LA NOUVEAUTE RADICALE DU CHRIST

> selon saint Irénée :

« La nouveauté de tout : ''Omnia enim nova aderant'' - La venue du Logos dans la chair confère à tout la nouveauté de l'accomplissement. Irénée pense ici à l'Incarnation, ''génération'' nouvelle, '' virginale'' - opposée à l'incarnation normale, ancienne -, point de départ d'une nouvelle économie.

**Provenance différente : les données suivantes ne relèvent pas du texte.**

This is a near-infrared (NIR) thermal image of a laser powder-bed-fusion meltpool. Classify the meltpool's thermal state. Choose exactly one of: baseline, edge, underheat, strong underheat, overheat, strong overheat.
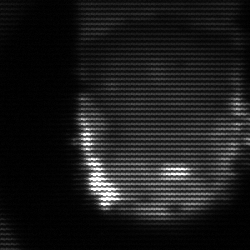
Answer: baseline

En effet, à partir de la génération virginale, la naissance sera également nouvelle, de même que tous les mystères inhérents à la Chair ainsi conçue et née... ''Ce qui est né de Marie est saint et est le Fils du Dieu très-Haut, le Père de toutes choses ayant opéré l'Incarnation de son Fils et ayant fait apparaître ainsi une naissance nouvelle'' ('Adversus Haereses' V, 1, 3, 61 s.)
En somme, selon l'évêque de Lyon, le Nouveau Testament :
a) n'apporte aucune nouveauté doctrinale, tout avait été annoncé par la Loi et les prophètes ;
b) seule est nouvelle la présence du Verbe incarné et la réalisation de ce qui se rattache à cette présence.
En même temps, toujours selon saint Irénée :
a) tout est nouveau et , en tant que tel, prophétisé dans l'Ancien Testament ;
b) nouvelle était la génération virginale du Verbe incarné par rapport à la génération normale, ancienne, connue depuis les jours d'Adam ;
c) nouveau l'Esprit de Dieu, parce que répandu sur les hommes d'une manière nouvelle (par de nouvelles voies, dans une mesure et avec une efficacité plus grandes, supérieures quantitativement et qualitativement) comme Esprit d'adoption ;
d) nouveau également le coeur du croyant qui, ayant reçu l'Esprit de filiation, abandonne sa condition servile pour devenir doux et libre ;
e) nouveaux enfin les mystères du Christ, annoncés présentement par le Baptiste... »

(Antonio Orbe s.j., 'Introduction à la théologie des IIe et IIIe siècles', t. 1, p. 767, Cerf 2012).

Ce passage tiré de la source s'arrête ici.